In [0]:
%pip install nbformat databricks-sdk[openai]==0.38.0 dspy --quiet
dbutils.library.restartPython()

In [0]:
import pandas as pd

In [0]:
import dspy
lm = dspy.LM('databricks/databricks-meta-llama-3-3-70b-instruct')
dspy.settings.configure(lm=lm)

In [0]:
%run ../prompts/ml_prompts_with_DSPy

In [0]:
import base64

import databricks.sdk
from databricks.sdk.service.workspace import ImportFormat
import nbformat
import numpy as np 

In [0]:
candidate_dict = [
  ("X","/Workspace/Users/vibhor.nigam@databricks.com/interview-scripts/interview-grading/example-notebooks-ml/04-Machine-Learning-X")
]

human_graded_dict = {
  "X": [5, 30, 25, 5, 0]
}
w = databricks.sdk.WorkspaceClient()

In [0]:
module_dict = {
  'module_1': dspy.ChainOfThought(MLPrompt1),
  'module_2': dspy.ChainOfThought(MLPrompt2),
  'module_3': dspy.ChainOfThought(MLPrompt3),
  'module_4': dspy.ChainOfThought(MLPrompt4),
  'module_5': dspy.ChainOfThought(MLPrompt5)
}

In [0]:
def get_code_from_notebooks(workspace_client, notebook_path):
   notebook = workspace_client.workspace.export(notebook_path, 
                                    format=ImportFormat.JUPYTER)
   ipynb = base64.decodebytes(notebook.content.encode('ascii')).decode("utf-8")
   notebook = nbformat.reads(ipynb, as_version=4)
   code_dict = {}
   x=0
   for cell in notebook.cells:
      if cell.cell_type == 'code' or cell.cell_type == 'markdown':
         code_dict[x] = cell.source
         x+=1
   context = ''.join(code_dict.values())
   return context
# ipynb

In [0]:
def evaluate_responses(context, module_dict):
  answer_list = []
  for k,module in module_dict.items():
    response = module(text=context)
    response_dict = {
      'score': response.score,
      'reasoning': response.reasoning,
      'code_snippet': response.code_snippet
    }
    # print(response_dict)
    answer_list.append(response_dict)
  answer_list_df = pd.DataFrame(answer_list)

  return answer_list_df

In [0]:
# spark.sql(f" drop table if exists users.abhay_jalisatgi.gen_ai_eval ")

In [0]:

error_dict = {}
answers_dict = {}
for candidate in candidate_dict:
  context = get_code_from_notebooks(w, candidate[1])
  answers = evaluate_responses(context, module_dict)
  answers['candidate'] = candidate[0]
  answers['score'] = answers['score'].astype('float64')
  # spark.createDataFrame(answers).write.mode("append").saveAsTable("users.abhay_jalisatgi.gen_ai_eval")

  human_answers_list = human_graded_dict[candidate[0]]
  model_asnwers_list = answers['score'].tolist()
  diff = [human_answers_list[i] - model_asnwers_list[i] for i in range(len(human_answers_list))]
  
  abs_error = np.abs(diff).sum()
  inaccurate_predictions = len([x for x in diff if x != 0])

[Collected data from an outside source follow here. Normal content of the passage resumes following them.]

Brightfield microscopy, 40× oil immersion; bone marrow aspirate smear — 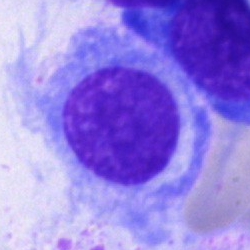
Q: Which cell type is shown here?
A: Plasma cell.
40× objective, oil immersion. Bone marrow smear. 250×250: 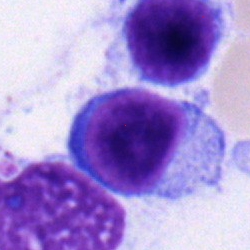
The classification is typical lymphocyte.
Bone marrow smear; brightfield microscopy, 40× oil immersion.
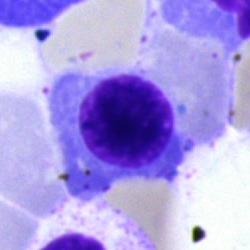 Showing a nucleated red cell.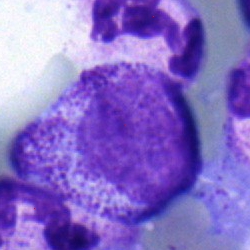 This is a myelocyte.
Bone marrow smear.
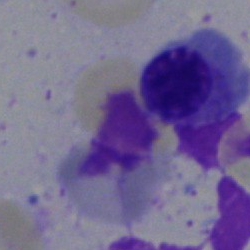
The cell is normoblast.

  error_dict[candidate[0]] = {'abs_error': abs_error, 'inaccurate_predictions': inaccurate_predictions, 'context': diff}
  answers_dict[candidate[0]] = answers

In [0]:
error_dict

In [0]:
answers_dict['X'].display()

In [0]:
def evaluate_model(diff):
  unmatched_elements = [i for i in diff if i != 0]
  diff_in_score = sum(unmatched_elements)
  return diff_in_score

In [0]:
# human_answer_list_Y = [15,15,15,12,15,25]
# model_answer_list_Y = [x.score for x in spark.read.table("users.abhay_jalisatgi.gen_ai_eval").filter(f"candidate = 'Y'").select("score").collect()]
# diff = [human_answer_list_Y[i] - model_answer_list_Y[i] for i in range(len(human_answer_list_Y))]
# print(f" Human score - Model score : {evaluate_model(diff)}, answers differ for {diff}")

# # Grader Notes for Q4: For Part2, the grouping should not be performed based on date. Partial credit awarded.
# # Grading Criteria for Q4: Workload hours each day for the workspaceID (15)- If ordering is missing, deduct 3 points. Each section is 7.5 points.